Fully-grown tree accuracy: 1.0
Max depth = 3 accuracy: 1.0


In [8]:
# 8 Write a Python program to:
# Load the Boston Housing Dataset
# Train a Decision Tree Regressor
# Print the Mean Squared Error (MSE) and feature importances

from sklearn.datasets import fetch_california_housing
from sklearn.tree import DecisionTreeRegressor
from sklearn.model_selection import train_test_split
from sklearn.metrics import mean_squared_error

# Load dataset
housing = fetch_california_housing()
X, y = housing.data, housing.target

# Train-test split
X_train, X_test, y_train, y_test = train_test_split(
    X, y, test_size=0.2, random_state=42
)

# Train regressor
reg = DecisionTreeRegressor(random_state=42)
reg.fit(X_train, y_train)

# Predictions
y_pred = reg.predict(X_test)

# MSE
mse = mean_squared_error(y_test, y_pred)
print("Mean Squared Error:", mse)

# Feature importances
print("Feature Importances:", reg.feature_importances_)

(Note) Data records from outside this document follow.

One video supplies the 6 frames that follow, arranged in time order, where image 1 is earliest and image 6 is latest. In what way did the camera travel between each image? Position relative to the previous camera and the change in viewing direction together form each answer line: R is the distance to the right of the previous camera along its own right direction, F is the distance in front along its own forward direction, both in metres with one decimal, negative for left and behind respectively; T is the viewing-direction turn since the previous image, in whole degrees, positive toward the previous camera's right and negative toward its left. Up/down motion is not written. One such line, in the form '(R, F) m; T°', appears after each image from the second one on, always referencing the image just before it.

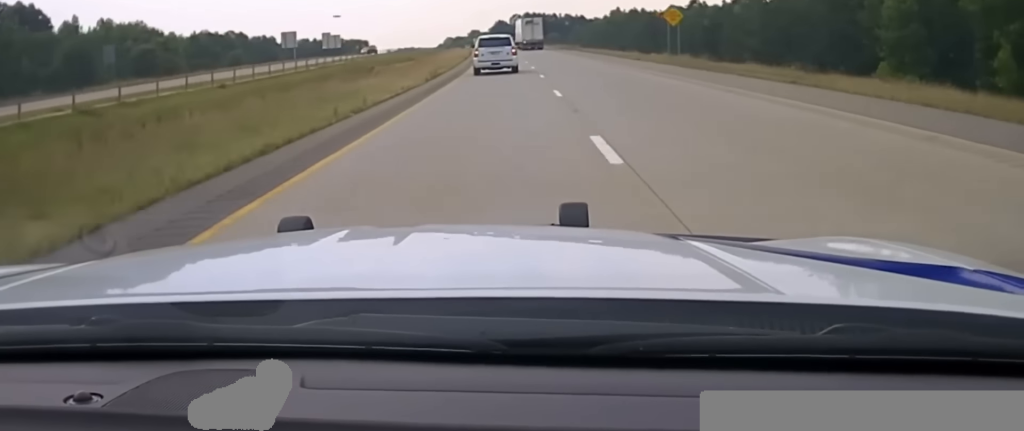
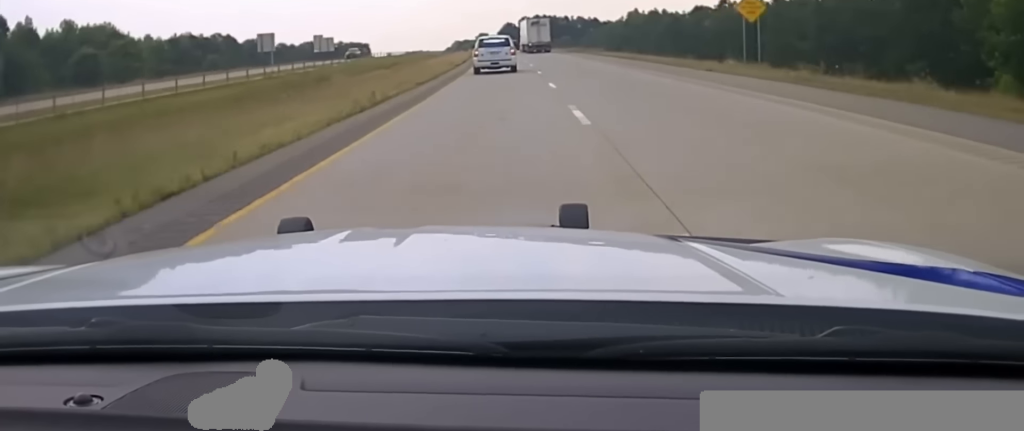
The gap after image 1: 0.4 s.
(0.0, +22.1) m; 0°
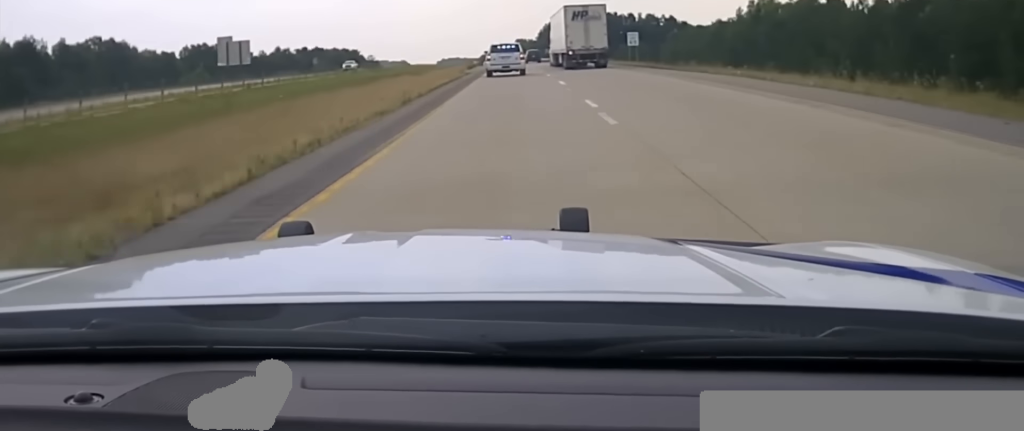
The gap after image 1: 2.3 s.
(-2.6, +103.4) m; -3°
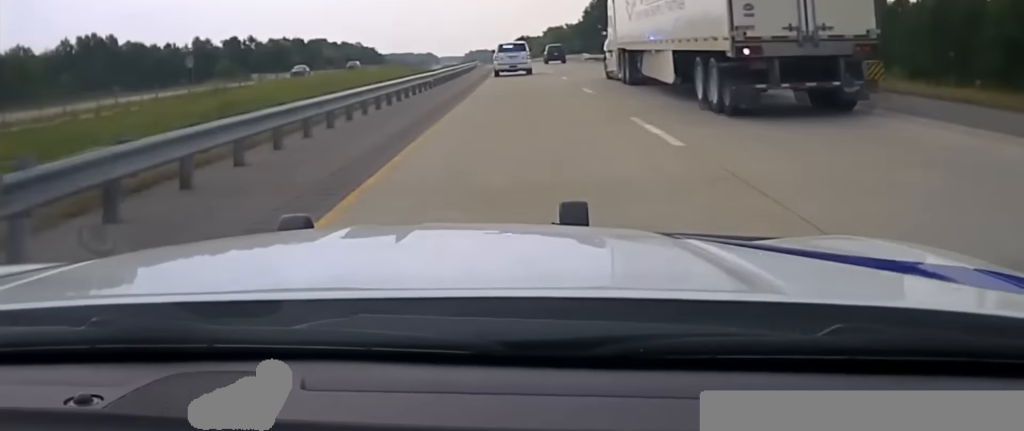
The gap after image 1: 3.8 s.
(-1.1, +78.4) m; -2°
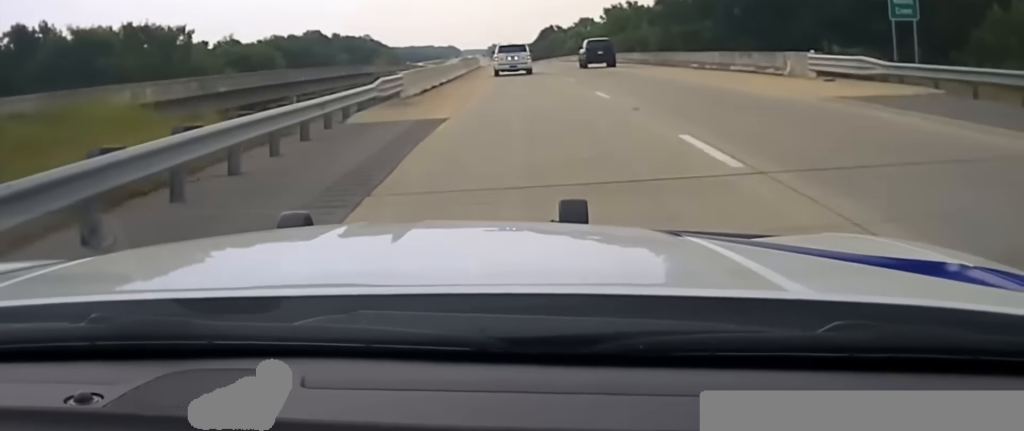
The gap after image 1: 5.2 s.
(-1.4, +74.4) m; -2°
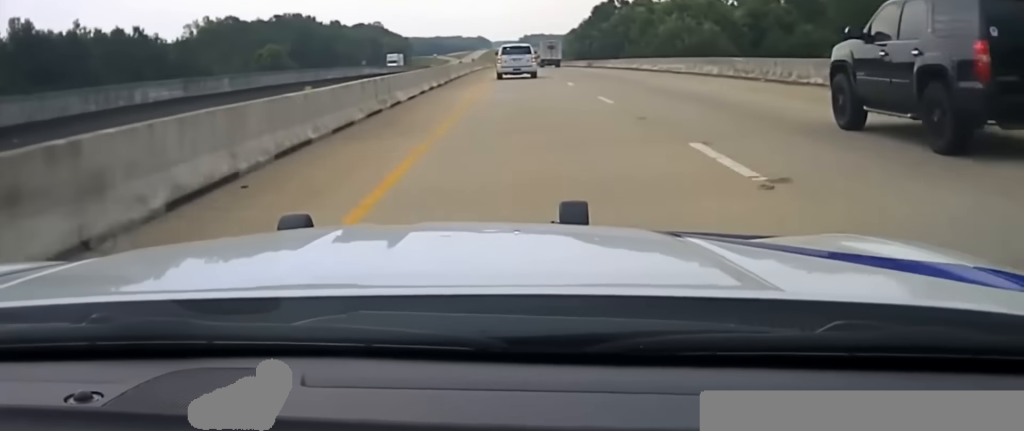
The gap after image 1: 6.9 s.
(-1.7, +92.3) m; -2°

Mean Squared Error: 0.495235205629094
Feature Importances: [0.52850909 0.05188354 0.05297497 0.02866046 0.03051568 0.13083768
 0.09371656 0.08290203]


In [10]:
# 9 Write a Python program to:
# Load the Iris Dataset
# Tune the Decision Tree’s max_depth and min_samples_split using GridSearchCV
# Print the best parameters and the resulting model accuracy

from sklearn.datasets import load_iris
from sklearn.tree import DecisionTreeClassifier
from sklearn.model_selection import train_test_split, GridSearchCV

# Load Iris dataset explicitly for this task
iris = load_iris()
X_iris, y_iris = iris.data, iris.target

# Train-test split for Iris dataset
X_train_iris, X_test_iris, y_train_iris, y_test_iris = train_test_split(
    X_iris, y_iris, test_size=0.2, random_state=42
)

param_grid = {
    "max_depth": [2, 3, 4, 5],
    "min_samples_split": [2, 5, 10]
}

grid = GridSearchCV(
    DecisionTreeClassifier(random_state=42),
    param_grid,
    cv=5
)

grid.fit(X_train_iris, y_train_iris)

print("Best Parameters:", grid.best_params_)
print("Best Accuracy:", grid.best_score_)

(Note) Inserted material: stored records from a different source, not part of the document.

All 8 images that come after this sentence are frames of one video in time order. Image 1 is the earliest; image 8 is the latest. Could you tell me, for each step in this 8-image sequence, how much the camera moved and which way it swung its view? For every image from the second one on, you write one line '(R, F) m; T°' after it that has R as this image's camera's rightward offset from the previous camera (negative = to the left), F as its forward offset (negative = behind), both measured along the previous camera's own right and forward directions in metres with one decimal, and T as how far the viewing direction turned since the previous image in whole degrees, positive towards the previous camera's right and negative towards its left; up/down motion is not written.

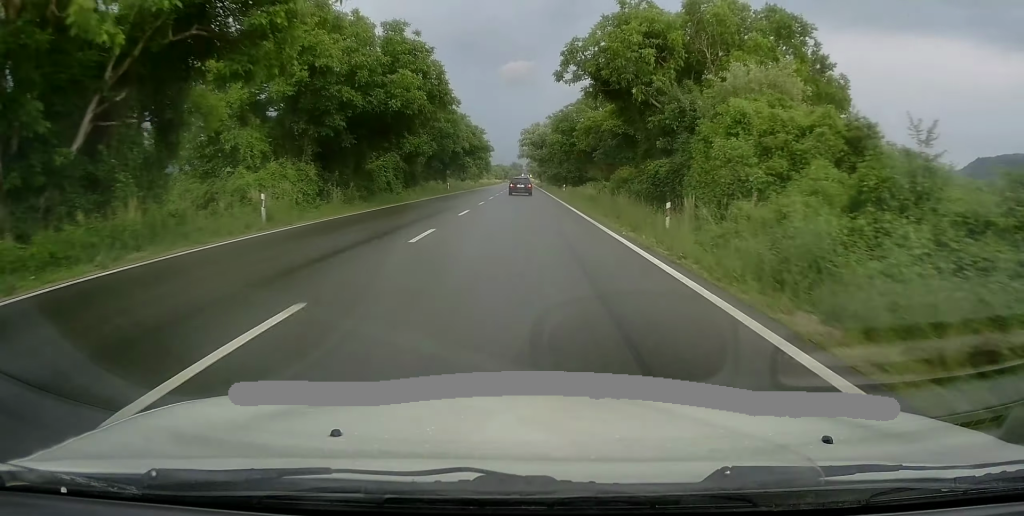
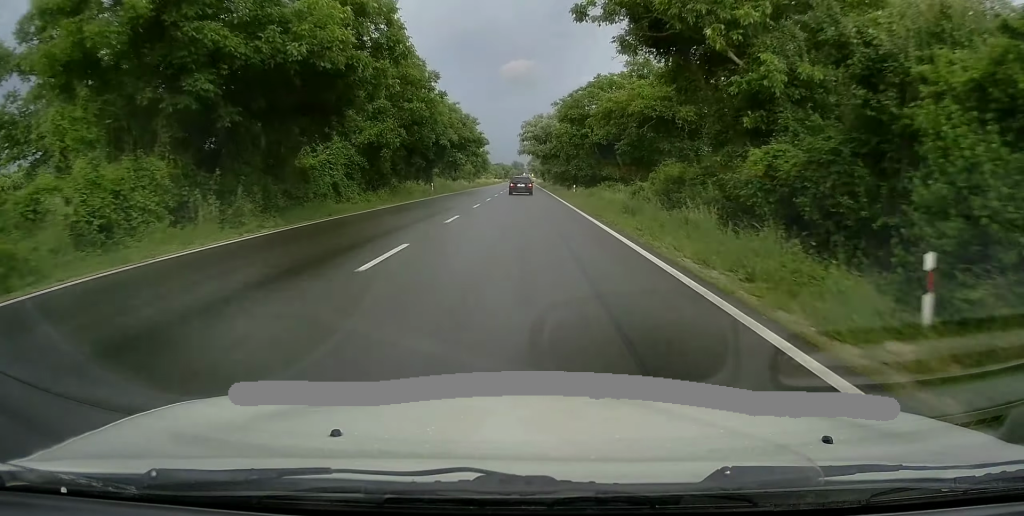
(-0.1, +12.5) m; -1°
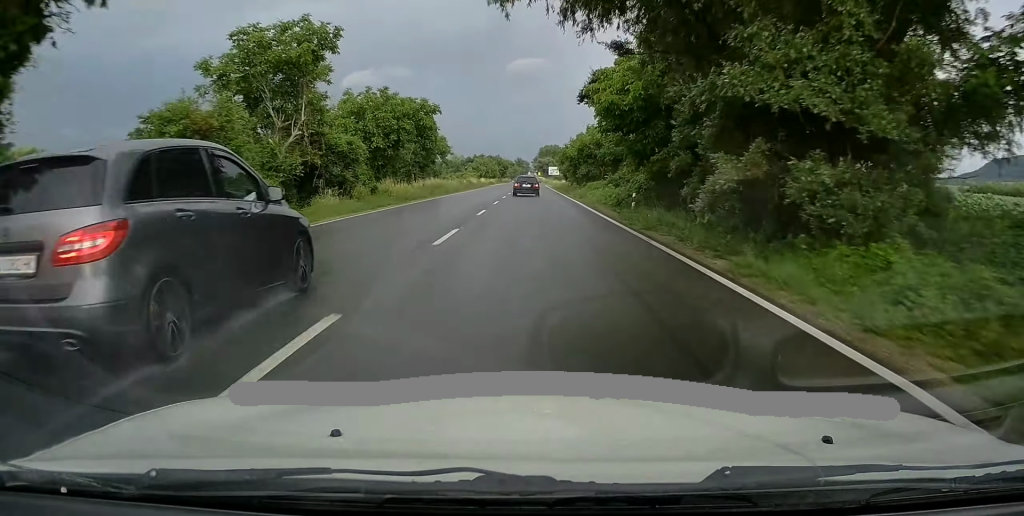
(-0.6, +76.5) m; 0°
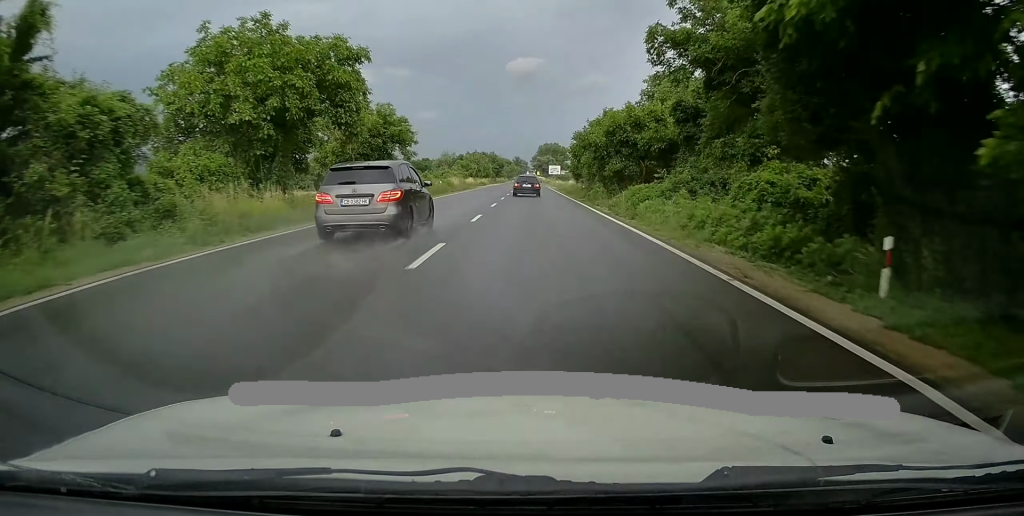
(+0.2, +20.7) m; 0°
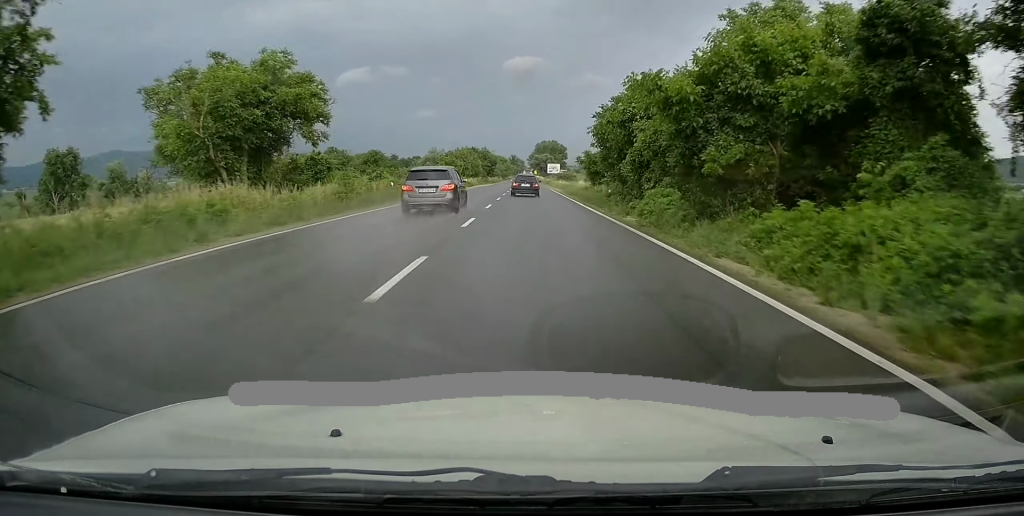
(-0.3, +19.8) m; 0°
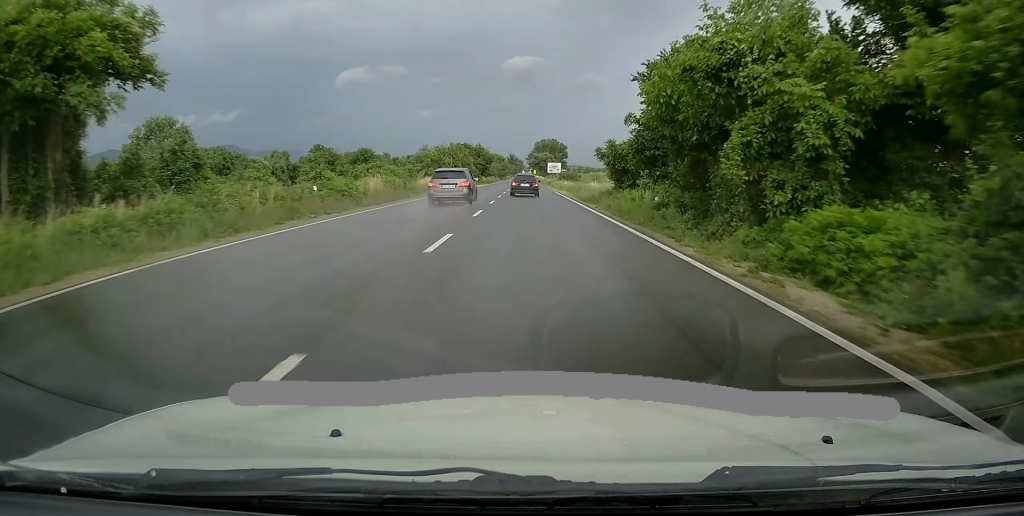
(+0.2, +13.9) m; 0°
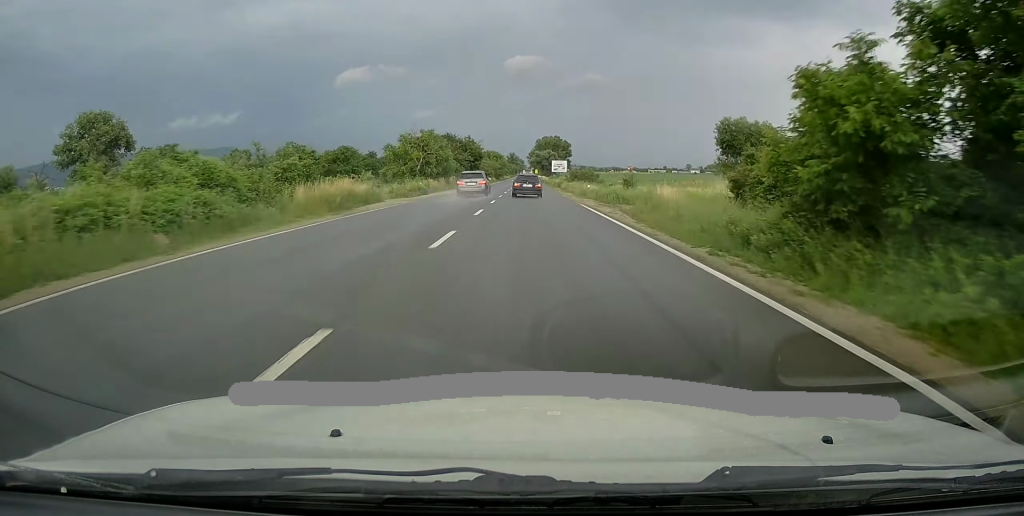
(-0.1, +26.3) m; 0°
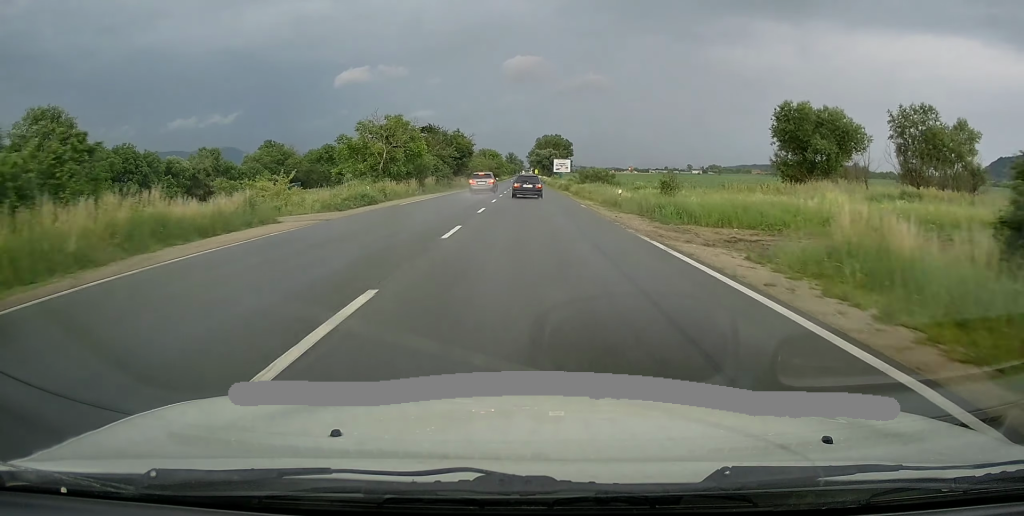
(0.0, +16.3) m; 0°

Best Parameters: {'max_depth': 4, 'min_samples_split': 2}
Best Accuracy: 0.9416666666666668


10.  Imagine you’re working as a data scientist for a healthcare company that
wants to predict whether a patient has a certain disease. You have a large dataset with
mixed data types and some missing values.
Explain the step-by-step process you would follow to:

- Handling Missing Values:

Numerical features can be filled using mean or median.

Categorical features can be filled using the most frequent value.

- Encoding Categorical Features:

Use Label Encoding for ordinal data.

Use One-Hot Encoding for nominal data.

- Training the Decision Tree:

Split data into training and testing sets.

Train a Decision Tree Classifier using suitable impurity criteria.

- Hyperparameter Tuning:

Tune parameters like max_depth, min_samples_split using GridSearchCV.

- Model Evaluation:

Use accuracy, precision, recall, F1-score, and confusion matrix.